──────── INFORMATION SHOWN ────────
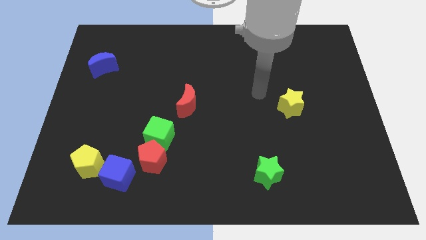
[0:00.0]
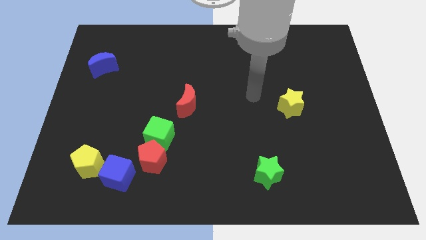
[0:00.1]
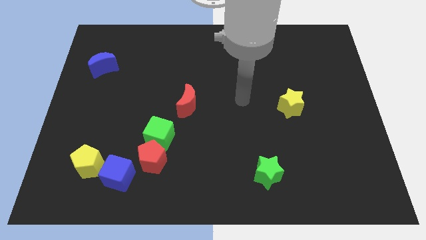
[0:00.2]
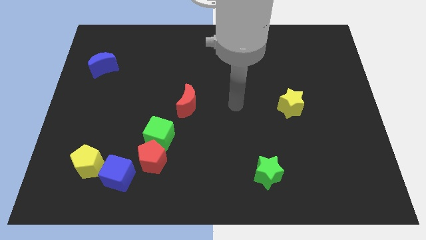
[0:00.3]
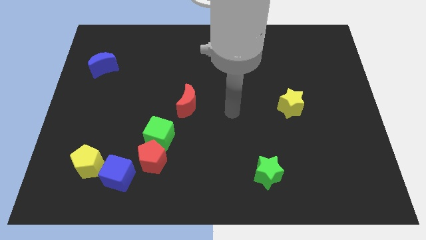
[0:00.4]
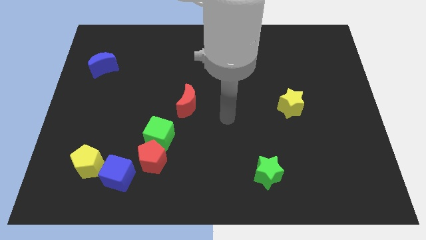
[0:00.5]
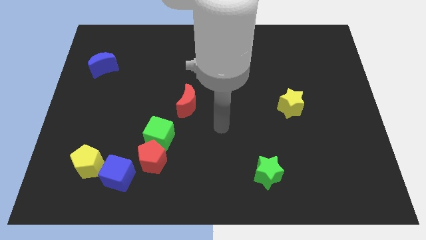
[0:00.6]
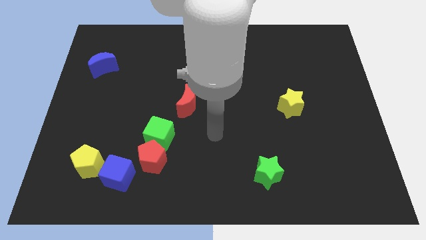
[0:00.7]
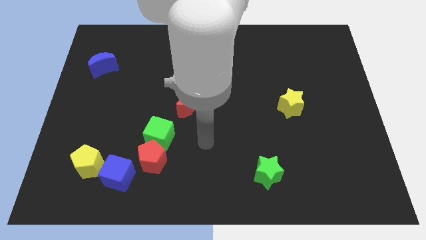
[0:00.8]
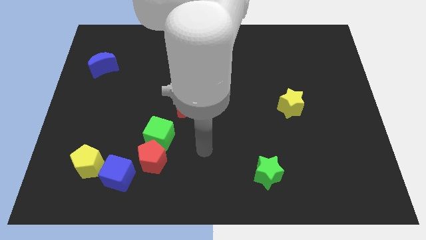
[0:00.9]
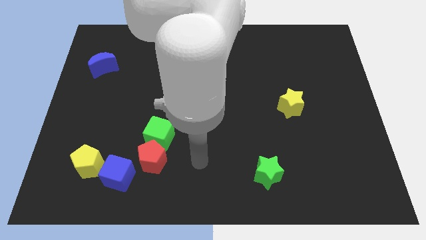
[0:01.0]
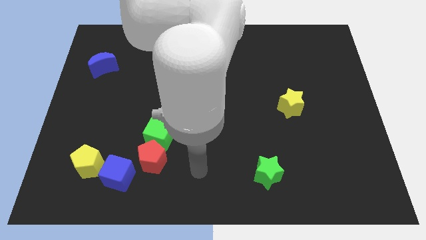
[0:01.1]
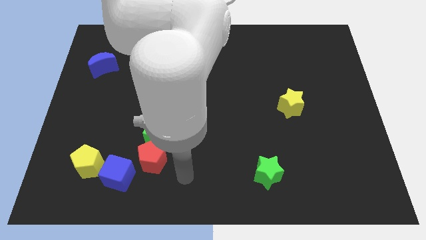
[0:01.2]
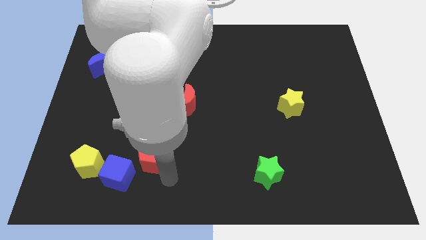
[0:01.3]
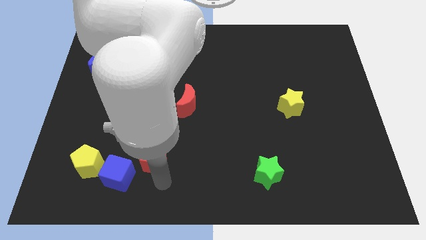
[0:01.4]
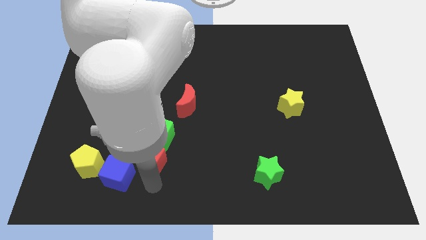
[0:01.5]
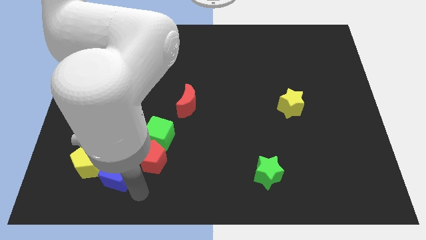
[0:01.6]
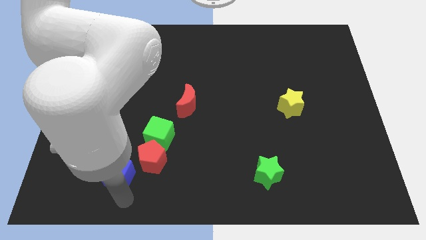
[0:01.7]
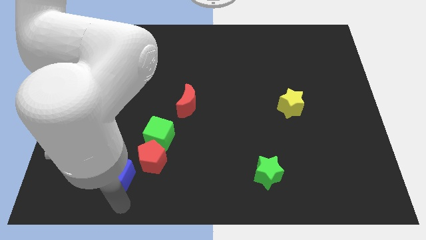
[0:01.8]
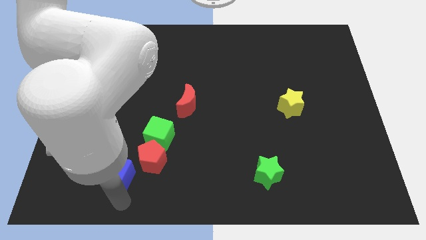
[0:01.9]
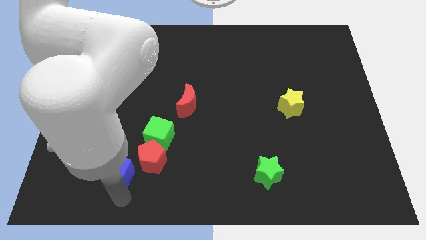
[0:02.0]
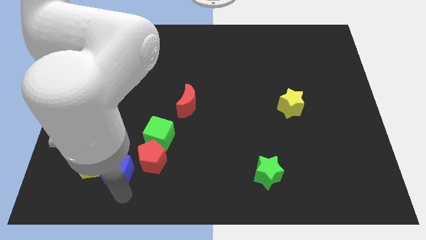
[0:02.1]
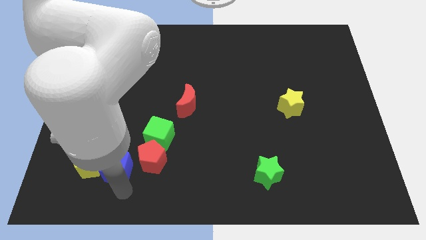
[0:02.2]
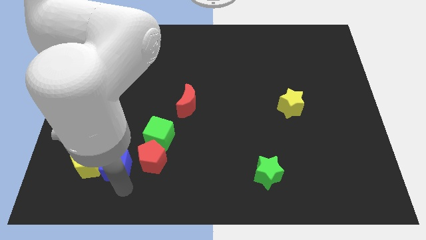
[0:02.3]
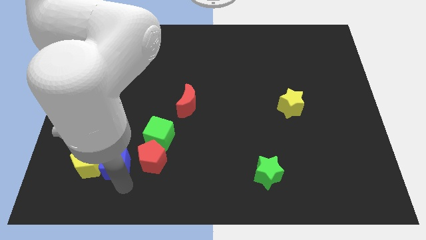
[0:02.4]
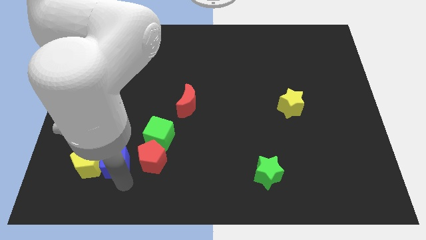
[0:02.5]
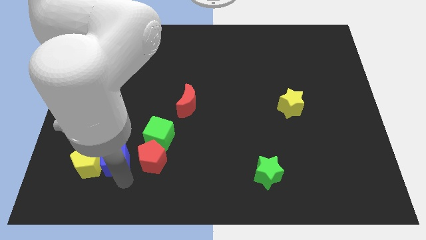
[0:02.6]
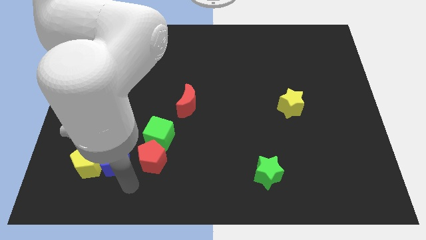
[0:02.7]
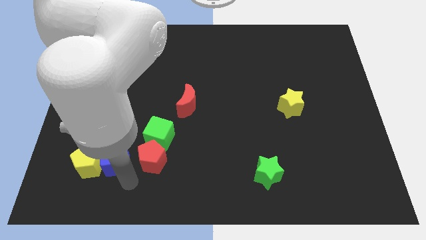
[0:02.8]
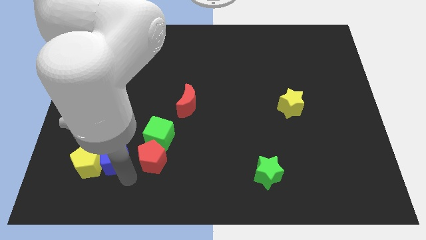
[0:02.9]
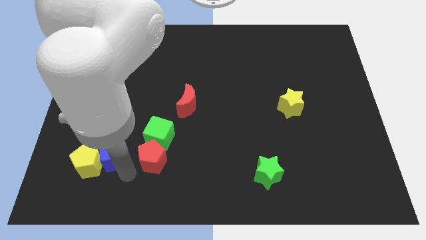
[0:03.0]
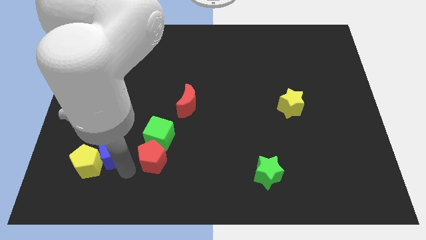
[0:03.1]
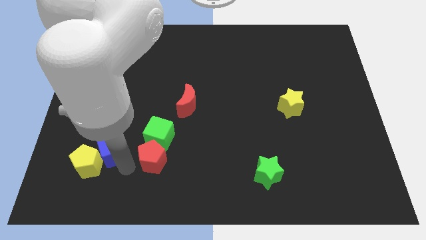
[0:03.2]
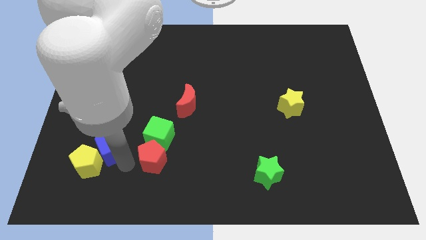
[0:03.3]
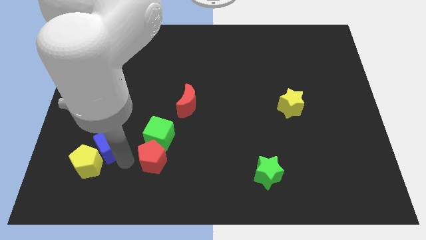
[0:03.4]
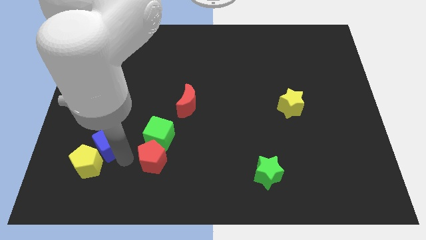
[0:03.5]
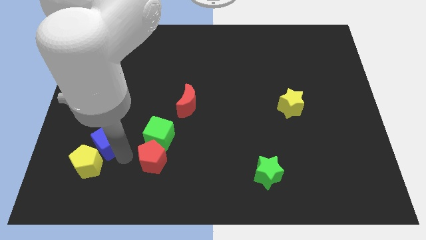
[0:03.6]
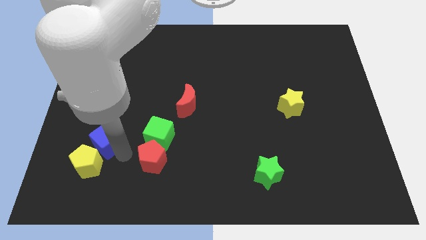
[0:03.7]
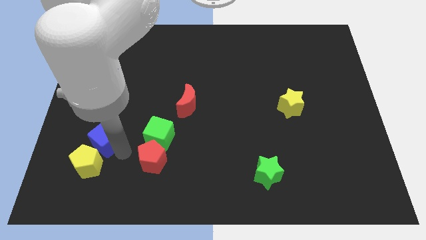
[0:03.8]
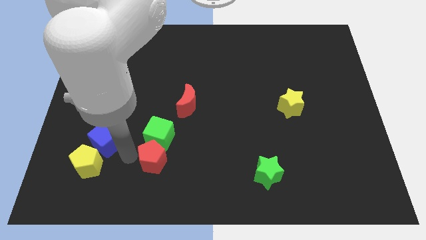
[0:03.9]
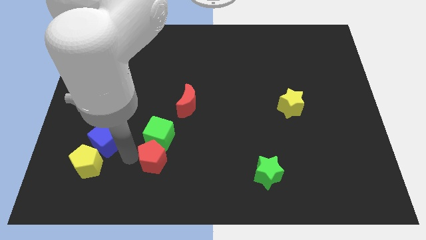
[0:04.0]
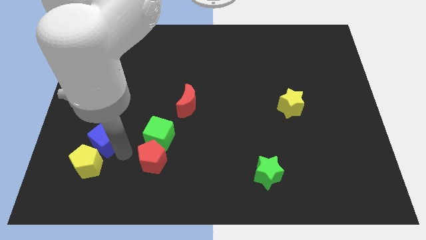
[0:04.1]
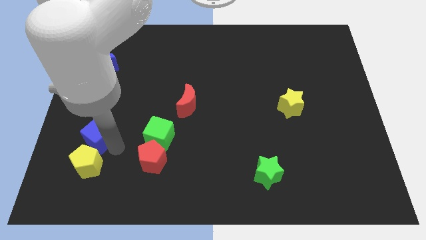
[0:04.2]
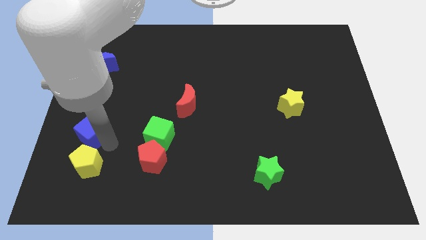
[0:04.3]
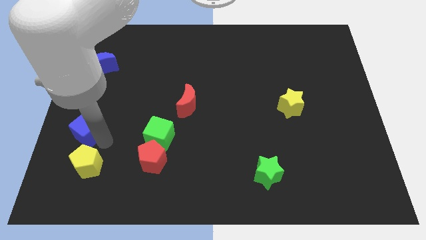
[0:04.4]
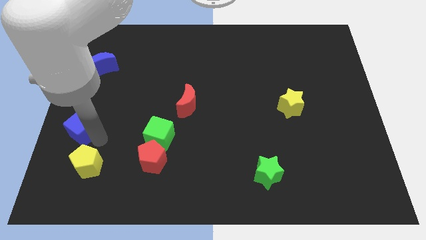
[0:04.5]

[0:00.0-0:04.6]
push the blue cube to the center left
────────
A faithful copy of the entries above is needed, one that contains no images.

[OUTPUT BELOW]:
[0:00.0]
[0:00.1]
[0:00.2]
[0:00.3]
[0:00.4]
[0:00.5]
[0:00.6]
[0:00.7]
[0:00.8]
[0:00.9]
[0:01.0]
[0:01.1]
[0:01.2]
[0:01.3]
[0:01.4]
[0:01.5]
[0:01.6]
[0:01.7]
[0:01.8]
[0:01.9]
[0:02.0]
[0:02.1]
[0:02.2]
[0:02.3]
[0:02.4]
[0:02.5]
[0:02.6]
[0:02.7]
[0:02.8]
[0:02.9]
[0:03.0]
[0:03.1]
[0:03.2]
[0:03.3]
[0:03.4]
[0:03.5]
[0:03.6]
[0:03.7]
[0:03.8]
[0:03.9]
[0:04.0]
[0:04.1]
[0:04.2]
[0:04.3]
[0:04.4]
[0:04.5]

[0:00.0-0:04.6]
push the blue cube to the center left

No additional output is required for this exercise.